Os réus, Angelica Pedroso Davila, Aldair Henrique de Souza Dalabrida, Pedro Paulo Camargo Silva, Daniel Ribeiro Galvão, Deivid Roberto Andrade, Diuli Carine de Moraes, Jonathan Henrique Veiga Ribeiro e Ricardo da Costa, enfrentaram acusações de homicídio com quatro qualificadoras.

A maior pena foi de 22 anos de prisão em regime fechado para David. Com 19 anos e 3 meses de reclusão em regime fechado a segunda maior pena foi para Daniel. Já Angelica, Aldair e Diuly foram condenados a 18 anos também em regime fechado. Jonathan foi condenado a 18 anos e 2 meses, regime fechado. E em regimes semi-aberto duas condenações de 5 anos e 4 meses, para Ricardo e Pedro Paulo.

Relembre o caso

O crime aconteceu na noite de 3 de dezembro de 2022, em frente a uma boate localizada no Centro da cidade.
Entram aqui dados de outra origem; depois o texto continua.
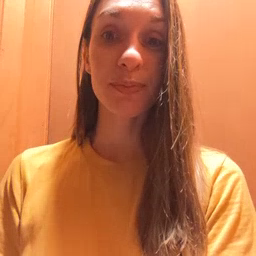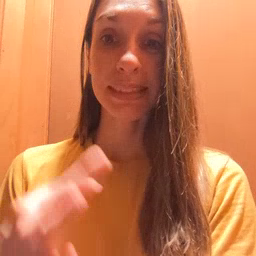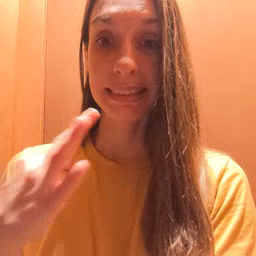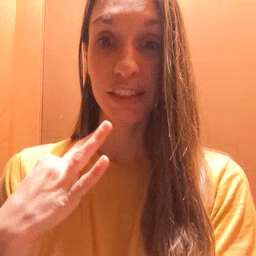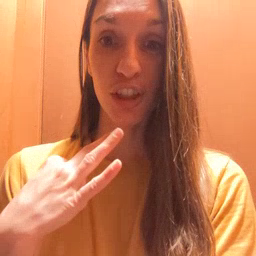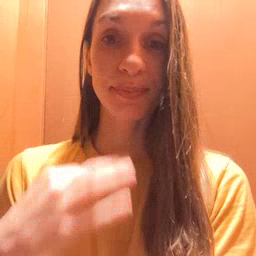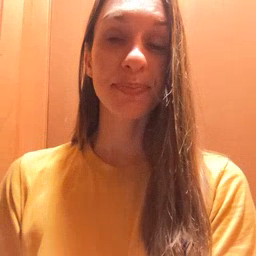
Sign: shirt
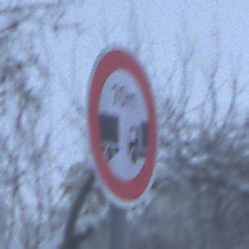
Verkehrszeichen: VerbotUnterschreitenMindestabstand
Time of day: Midday
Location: Outdoor (Nature)
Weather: Overcast
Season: Winter
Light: Natural
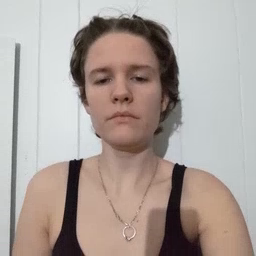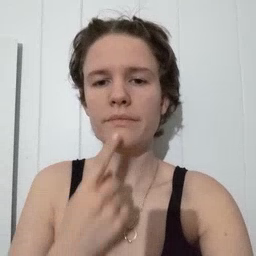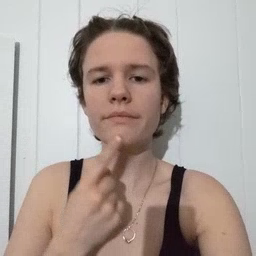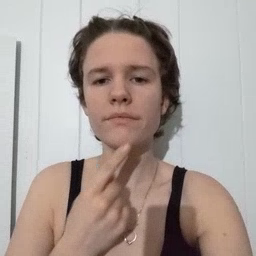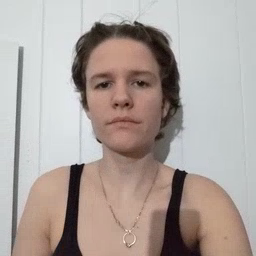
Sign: chin
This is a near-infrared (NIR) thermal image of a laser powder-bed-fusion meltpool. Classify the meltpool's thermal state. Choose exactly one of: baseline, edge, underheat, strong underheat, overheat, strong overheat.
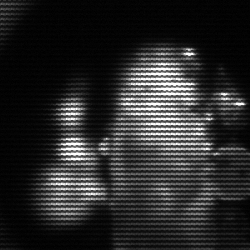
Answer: strong underheat
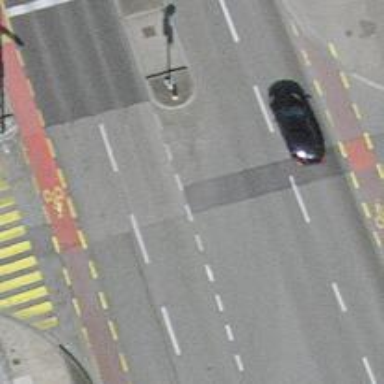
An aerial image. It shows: Road with traffic signals.
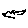
Label: bird
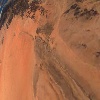
Label: land
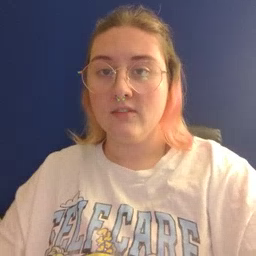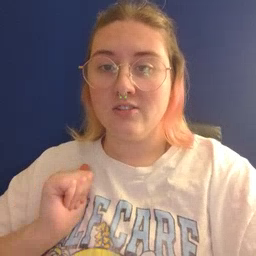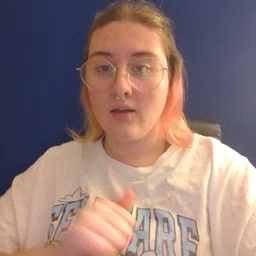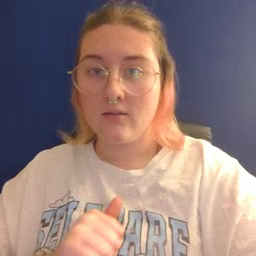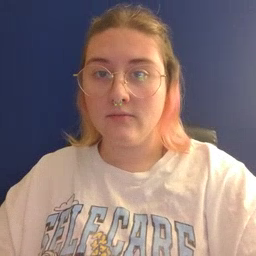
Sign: jacket
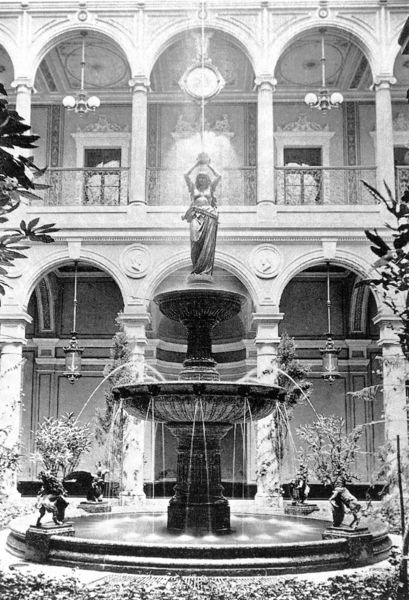
Titel: Riedingerhaus in Augsburg, Innenhof
Künstler: Gottfried von Neureuther
Standort: Augsburg
Institution: Stadtbildstelle
Schlagwörter: baum, blätter, dunkel, felsen, fuß, schatten, wasser, weiß, bäume, mädchen, blume, blumen, fenster, frau, glas, grau, hell, kleid, lampe, lampen, licht, lichter, marmor, paris, pfeiler, schwarz, säule, säulen, tür, anlage, gebäude, gürtel, haus, park, schloss, tuch, muster, ornament, tanz, wand, architektur, kleidung, schale, sockel, stein, steine, innenraum, busch, büsche, sträucher, figur, gewand, decke, pflanze, pflanzen, brunnen, pferd, rund, tondo, garten, skulptur, springbrunnen, statue, balkon, bogen, fassade, italien, türen, fels, mauer, hecke, hof, rundbogen, leuchter, metall, geländer, bronze, tor, foto, fotografie, bögen, wände, spiel, gang, arkade, innenhof, loggia, gewölbe, hängen, antike, palast, beton, denkmal, becken, strahl, kugeln, allegorie, göttin, arkaden, rom, kapitell, photo, verziert, tore, frauenfigur, sims, gesims, rosette, mauern, ionisch, simse, rundbögen, fontäne, wasserstrahl, löwe, korinthisch, lenbachhaus, villa stuck, ziegenbock, ziege, wasserbecken, wasserspeier, rosetten, mamor, säulengang, kollonaden, arkadengang, gänge, gesimse, tondi, arkadengänge, hecken, medaillons, brunnenstock, steinbock, fraz, arcgitektur
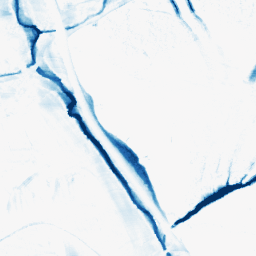
Category: morphological
Decomposition family: morphological_ellipse
Decomposition parameters: operation: closing
width: 10
height: 30
Upsampling method: bicubic_16x
Upsampling parameters: scale: 16
Upsampling scale: 16
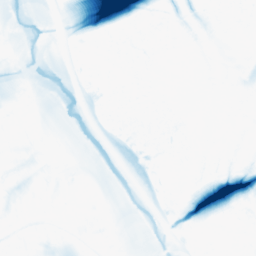
Category: morphological
Decomposition family: morphological_ellipse
Decomposition parameters: operation: closing
width: 50
height: 50
Upsampling method: bilinear
Upsampling parameters: scale: 2
Upsampling scale: 2
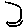
Label: moon
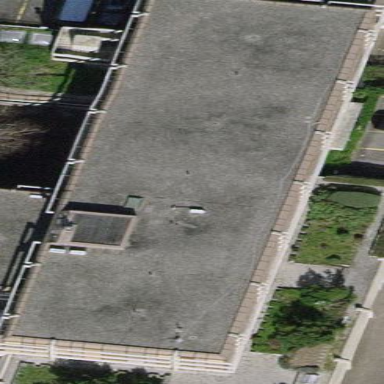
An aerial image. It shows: Part of building.
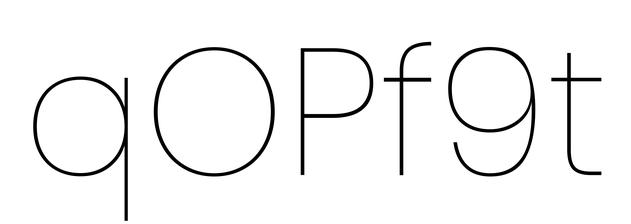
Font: Poppins-Thin
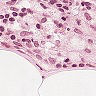
Metastatic tissue present: no
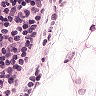
Metastatic tissue present: no
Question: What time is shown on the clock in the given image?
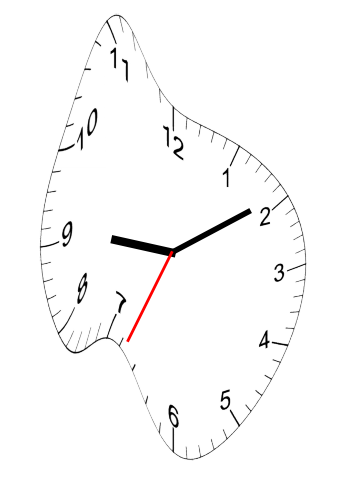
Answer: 09:09:34
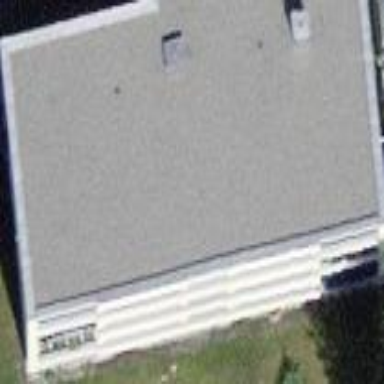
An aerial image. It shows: Building with flat roof.
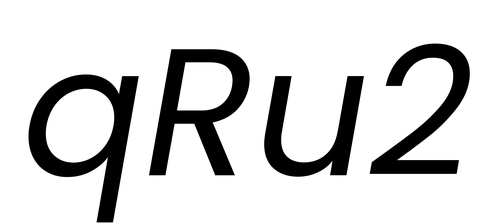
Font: Poppins-Italic
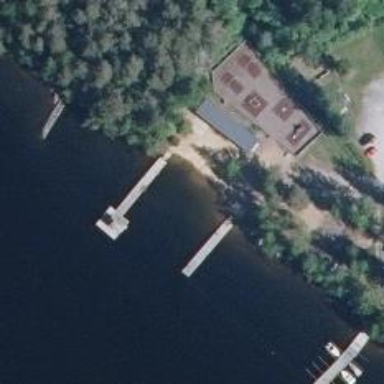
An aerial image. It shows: Swimming area meant for leisure land activities like swimming.
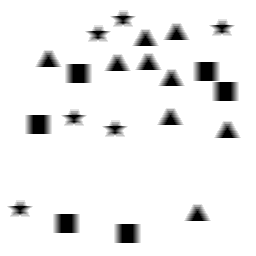
Squares: 6
Triangles: 9
Stars: 6
Total shapes: 21
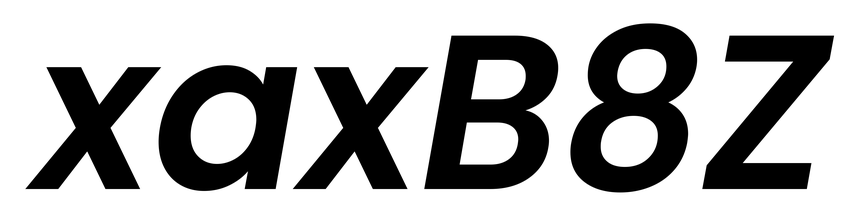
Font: Poppins-SemiBoldItalic
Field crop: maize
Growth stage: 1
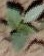
Species: datura
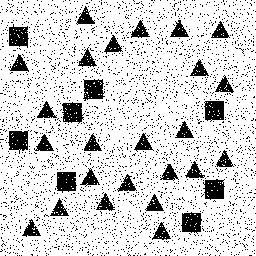
Squares: 8
Triangles: 24
Stars: 0
Total shapes: 32
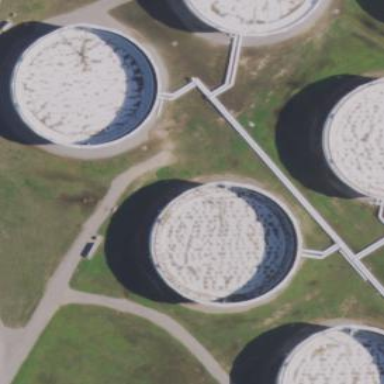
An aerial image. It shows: Storage tank created as man-made structure.
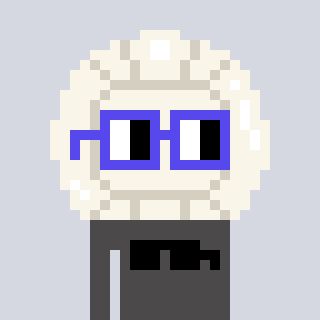
a pixel art character with square blue glasses, a volleyball-shaped head and a grayscale-colored body on a cool background
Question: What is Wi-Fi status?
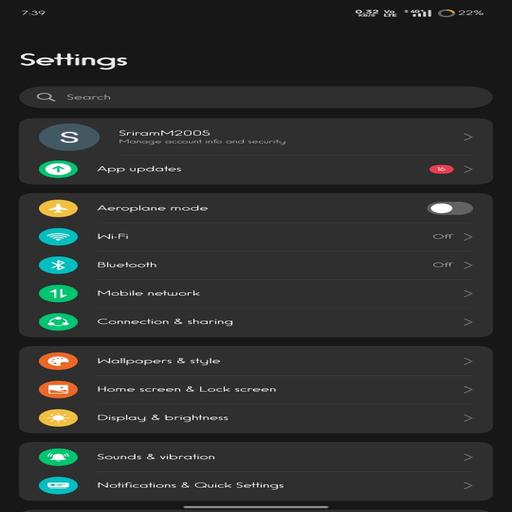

Os réus envolveram-se em uma briga generalizada após serem expulsos do estabelecimento. Burzanello estava de folga, mas identificou-se como policial militar para tentar acalmar os ânimos e acabou virando alvo.

Ele foi agredido com socos, chutes, pedras e garrafas de vidro em diversas partes do corpo, principalmente na cabeça. Os agressores tentaram tomar dele o revólver, e um projétil acabou atingindo sua perna esquerda, provocando uma grande perda de sangue.

O policial foi levado às pressas para o Hospital Universitário Santa Terezinha, em Joaçaba, a 40 quilômetros do local do crime. Chegou a receber atendimento, mas não resistiu e morreu, deixando a esposa e três filhos.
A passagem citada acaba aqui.